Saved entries

=== Begin Enclosure ===

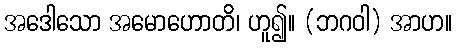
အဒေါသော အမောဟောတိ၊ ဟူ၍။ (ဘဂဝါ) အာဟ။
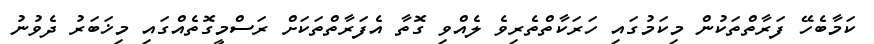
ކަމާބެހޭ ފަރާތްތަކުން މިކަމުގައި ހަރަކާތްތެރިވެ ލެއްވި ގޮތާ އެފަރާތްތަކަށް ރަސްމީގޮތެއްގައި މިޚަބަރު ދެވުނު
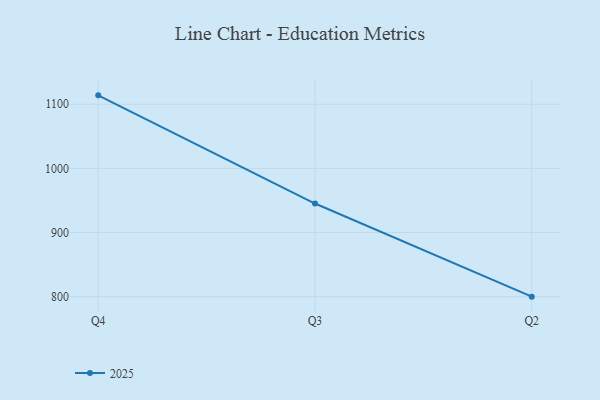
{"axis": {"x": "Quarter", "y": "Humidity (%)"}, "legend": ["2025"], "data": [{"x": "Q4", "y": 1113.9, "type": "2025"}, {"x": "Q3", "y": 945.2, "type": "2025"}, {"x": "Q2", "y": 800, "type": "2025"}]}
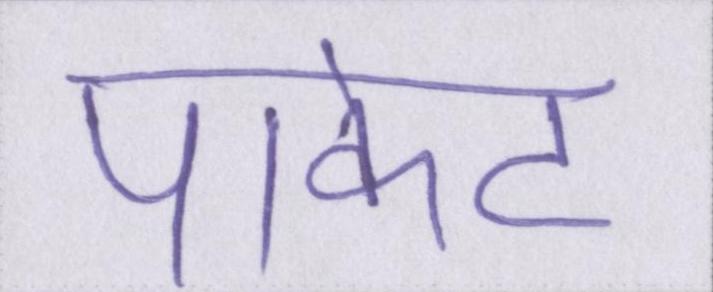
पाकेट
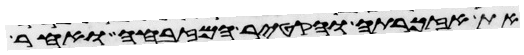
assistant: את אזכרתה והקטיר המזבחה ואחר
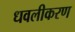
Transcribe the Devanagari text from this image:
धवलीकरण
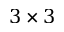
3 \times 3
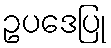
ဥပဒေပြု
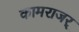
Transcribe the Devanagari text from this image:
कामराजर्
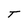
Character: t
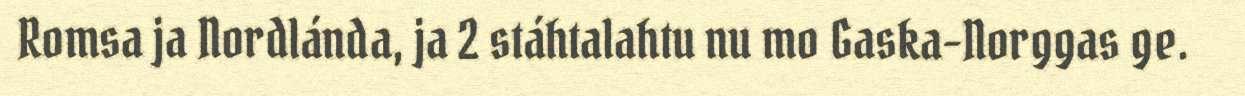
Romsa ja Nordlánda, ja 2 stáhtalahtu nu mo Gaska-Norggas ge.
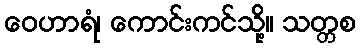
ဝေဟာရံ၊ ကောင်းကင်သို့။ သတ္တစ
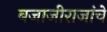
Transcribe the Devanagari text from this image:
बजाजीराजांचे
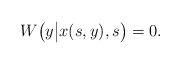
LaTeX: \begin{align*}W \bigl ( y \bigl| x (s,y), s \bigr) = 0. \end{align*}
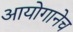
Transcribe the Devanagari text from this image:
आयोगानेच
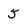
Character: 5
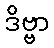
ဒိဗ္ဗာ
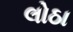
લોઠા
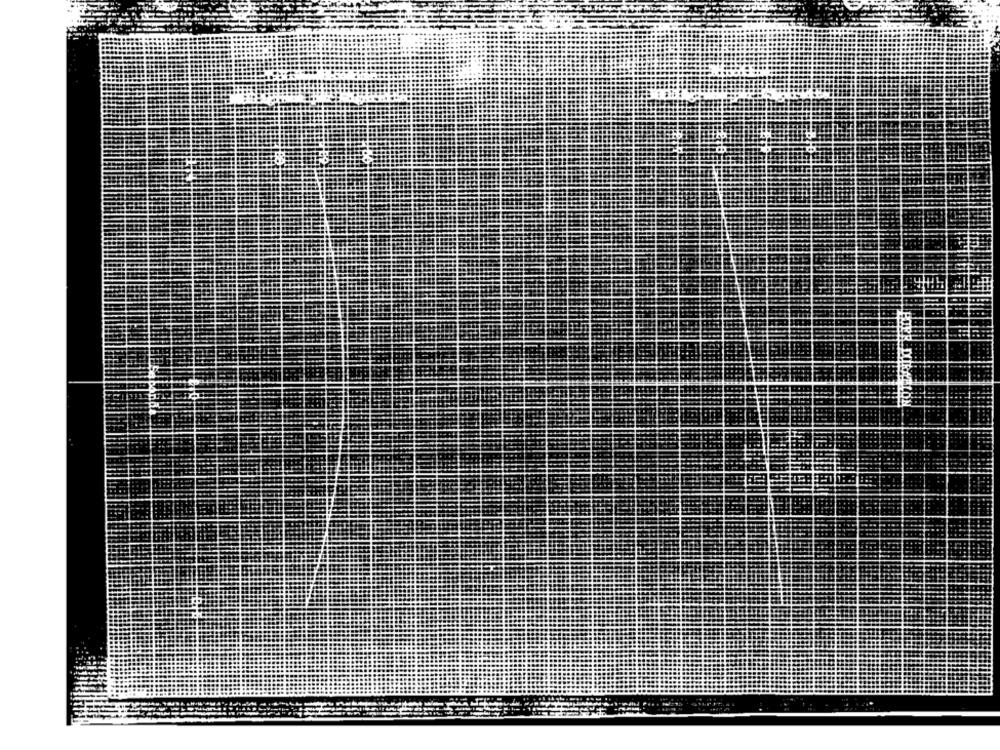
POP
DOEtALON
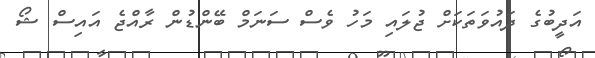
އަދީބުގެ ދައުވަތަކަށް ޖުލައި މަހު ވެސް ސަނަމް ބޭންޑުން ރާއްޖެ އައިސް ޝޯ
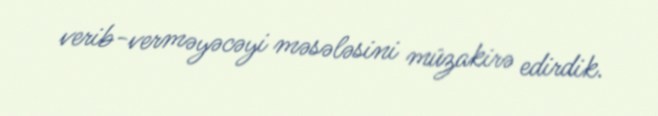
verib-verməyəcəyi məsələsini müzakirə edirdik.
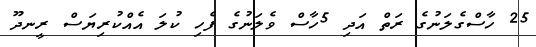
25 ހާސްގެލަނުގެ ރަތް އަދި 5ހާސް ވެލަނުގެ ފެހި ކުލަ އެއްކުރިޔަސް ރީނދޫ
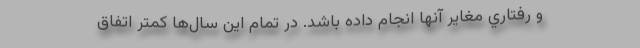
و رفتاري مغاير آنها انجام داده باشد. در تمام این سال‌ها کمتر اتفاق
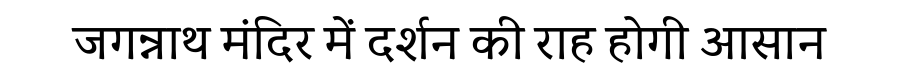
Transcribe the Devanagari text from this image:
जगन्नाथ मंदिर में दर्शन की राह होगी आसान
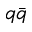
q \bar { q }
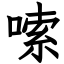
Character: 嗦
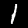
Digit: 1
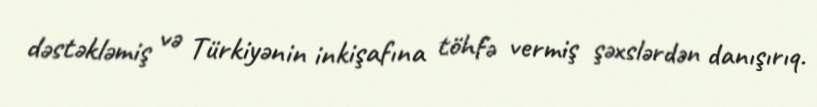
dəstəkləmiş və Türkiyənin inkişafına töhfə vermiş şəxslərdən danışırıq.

=== End Enclosure ===

• **WHAT TO WORK ON**
The lines from the one containing "assistant: את אזכרתה והקטיר המזבחה ואחר" through the last line of the records are what you should copy, word for word and nothing else, with pictures left out.

• **TASK RESPONSE**
assistant: את אזכרתה והקטיר המזבחה ואחר
Transcribe the Devanagari text from this image:
धवलीकरण
3 \times 3
ဥပဒေပြု
Transcribe the Devanagari text from this image:
कामराजर्
Character: t
Romsa ja Nordlánda, ja 2 stáhtalahtu nu mo Gaska-Norggas ge.
ဝေဟာရံ၊ ကောင်းကင်သို့။ သတ္တစ
Transcribe the Devanagari text from this image:
बजाजीराजांचे
LaTeX: \begin{align*}W \bigl ( y \bigl| x (s,y), s \bigr) = 0. \end{align*}
Transcribe the Devanagari text from this image:
आयोगानेच
Character: 5
ဒိဗ္ဗာ
લોઠા
POP
DOEtALON
އަދީބުގެ ދައުވަތަކަށް ޖުލައި މަހު ވެސް ސަނަމް ބޭންޑުން ރާއްޖެ އައިސް ޝޯ
verib-verməyəcəyi məsələsini müzakirə edirdik.
25 ހާސްގެލަނުގެ ރަތް އަދި 5ހާސް ވެލަނުގެ ފެހި ކުލަ އެއްކުރިޔަސް ރީނދޫ
و رفتاري مغاير آنها انجام داده باشد. در تمام این سال‌ها کمتر اتفاق
Transcribe the Devanagari text from this image:
जगन्नाथ मंदिर में दर्शन की राह होगी आसान
q \bar { q }
Character: 嗦
Digit: 1
dəstəkləmiş və Türkiyənin inkişafına töhfə vermiş şəxslərdən danışırıq.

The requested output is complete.